Usually, when a person asks what or who makes for a person, it's to dehumanize some person or group of persons. Our intention in this episode is to head in the opposite direction. Dad takes us on a worldwind tour of Western civilization (which, frankly, he often does) to see that what counts as personhood or humanity has been under dispute from the get-go and continues to be disputed up to this very day. Meanwhile, I explore the striking fact that, in the doctrine of the Trinity, Father, Son, and Holy Spirit are called "persons"—coincidence or not? (Not.) What does trinitarian personhood imply about human personhood? And could a robust nature-person distinction actually solve all the besetting problems of the modern world?!
1. Locus classicus = classical location or point, namely the verse of Scripture that is the foundation for a doctrine. For imago dei ( = image of God), it’s Genesis 1:26–28; see also Genesis 9:6.

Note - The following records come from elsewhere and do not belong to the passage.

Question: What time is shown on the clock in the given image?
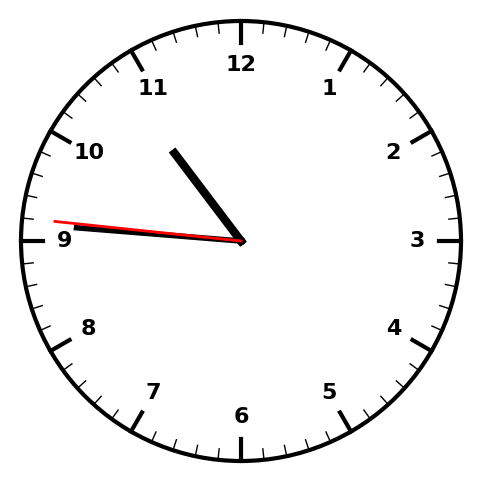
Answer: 10:45:46
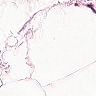
Metastatic tissue present: no
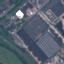
Land use / land cover: Industrial
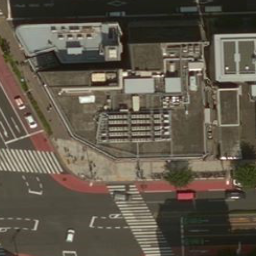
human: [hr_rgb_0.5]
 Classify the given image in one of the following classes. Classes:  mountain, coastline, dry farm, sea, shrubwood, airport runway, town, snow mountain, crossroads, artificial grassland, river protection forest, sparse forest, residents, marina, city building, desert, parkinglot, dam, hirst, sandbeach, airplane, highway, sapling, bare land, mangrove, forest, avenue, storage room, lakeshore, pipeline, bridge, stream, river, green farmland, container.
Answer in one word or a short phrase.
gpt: city building
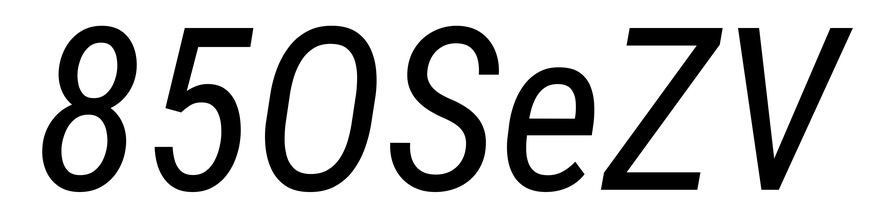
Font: Roboto-Italic_Condensed_Italic
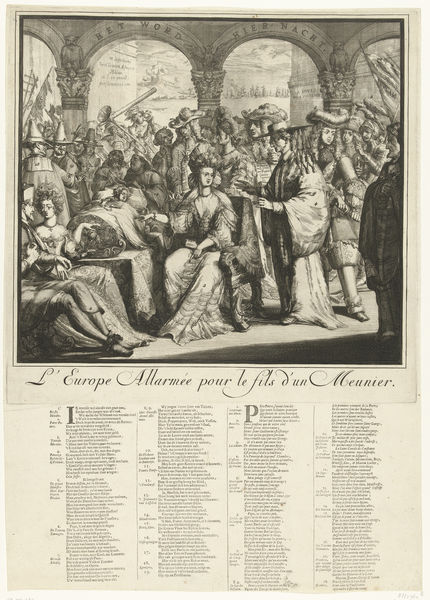
Titel: Spotprent op het mislukte plan met het ondergeschoven kind
Künstler: Romeyn de Hooghe
Standort: Amsterdam
Institution: Rijksmuseum
Schlagwörter: cour, caricature, femme, gravure, fils, intérieur, arche, table, hommes, perruque, europe, repas, reine, journal, festin, fête, mots, dîner, arches, article, liste, noms, réception, meunier, eirope, allarmee, aurope
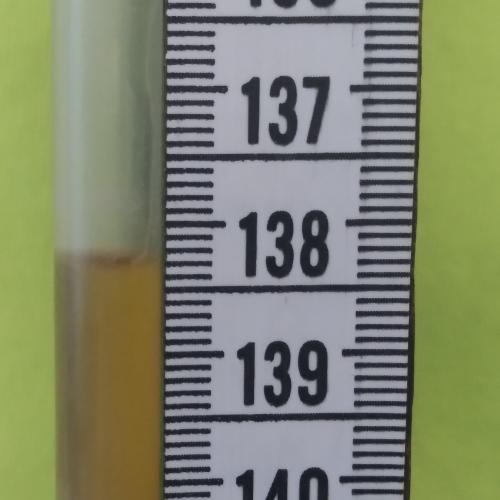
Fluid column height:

2. The Mesopotamian creation epic is Enuma Elish
3. Plato records Socrates’ attempt to die without the interference of hysterical women in Phaedo
4. The things I’ve written mentioned in this episode are: “Blessed Are the Barren” and Woman, Women, and the Priesthood in the Trinitarian Theology of Elisabeth Behr-Sigel
5. Dad discusses Leibniz vs. Voltaire & Spinoza in Paths Not Taken
6. John Locke, Second Treatise of Government
7. Thomas Jefferson, The Declaration of Independence
8. Thomas Hobbes, Leviathan
9. For more on the Lincoln-Douglas debates, see Harry V. Jaffa, A New Birth Of Freedom: Abraham Lincoln and the Coming of the Civil War
10. In this episode we both said that US law granted that enslaved Africans could be counted as 2/3 of a human in the census, but the actual number was 3/5 of a human (which is even less than what we remembered). Let us state for the record that all persons of African descent are 100% human.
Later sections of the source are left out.